Choosing the right computational tool to perform data enrichment for your specific case has become a task in itself. This is made much more difficult by the tendency of natural language processing (NLP) engineers to publish only raw numbers on specific benchmark sets to communicate the performance of their tools. These performance statistics are not only difficult for researchers from outside of the field to understand, but also become less relevant when a researcher wishes to use the tools on a data set which differs largely from the kind of data included in classical NLP benchmarking sets, as is often the case for researchers working on computational social science and humanities (SSH) projects.
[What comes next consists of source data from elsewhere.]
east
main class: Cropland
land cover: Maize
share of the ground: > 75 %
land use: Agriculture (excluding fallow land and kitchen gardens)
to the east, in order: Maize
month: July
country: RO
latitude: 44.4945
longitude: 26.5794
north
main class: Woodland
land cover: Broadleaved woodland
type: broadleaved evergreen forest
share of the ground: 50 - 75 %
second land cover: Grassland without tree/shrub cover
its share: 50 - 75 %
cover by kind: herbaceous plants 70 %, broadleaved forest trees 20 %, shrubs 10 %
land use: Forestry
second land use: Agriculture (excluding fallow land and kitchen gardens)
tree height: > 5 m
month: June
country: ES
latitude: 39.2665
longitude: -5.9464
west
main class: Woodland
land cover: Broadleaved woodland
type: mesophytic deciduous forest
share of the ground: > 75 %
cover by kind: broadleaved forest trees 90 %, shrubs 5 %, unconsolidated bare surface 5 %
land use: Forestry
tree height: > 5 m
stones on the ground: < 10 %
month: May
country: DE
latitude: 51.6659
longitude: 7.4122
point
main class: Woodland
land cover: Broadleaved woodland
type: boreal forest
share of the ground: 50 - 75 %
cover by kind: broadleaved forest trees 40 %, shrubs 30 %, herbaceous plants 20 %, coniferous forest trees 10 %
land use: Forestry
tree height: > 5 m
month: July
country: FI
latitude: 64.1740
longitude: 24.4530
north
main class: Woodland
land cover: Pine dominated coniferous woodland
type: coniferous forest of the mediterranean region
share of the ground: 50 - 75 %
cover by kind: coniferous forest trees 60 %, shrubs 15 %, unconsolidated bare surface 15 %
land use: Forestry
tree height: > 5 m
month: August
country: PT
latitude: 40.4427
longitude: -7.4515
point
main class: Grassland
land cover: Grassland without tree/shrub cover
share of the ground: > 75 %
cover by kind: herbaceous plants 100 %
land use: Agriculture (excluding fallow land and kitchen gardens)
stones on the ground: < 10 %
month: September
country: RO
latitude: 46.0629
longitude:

At the 2024 CLARIN International Conference Angel Daza and Antske Fokkens presented their work titled Choosing the Right Tool for You: Informed Evaluation of Text Analysis Tools, an evaluation methodology for comparing model output (paper forthcoming) which takes into account both instance-level and aggregate comparisons in order to provide a more well rounded and understandable way of comparing the performance of multiple annotation tools for span annotation tasks. The method allows the researcher to use a subset of their own data to evaluate performance for their specific use case and can be performed at the corpus, document, and sentence levels, with or without gold data.
As a part of our task in SSHOC-NL we are now working towards intergrating this approach into the GaLAHaD platform to enable users to easily compare model outputs across multiple levels and find outliers in their data through visualisations in an accessible environment.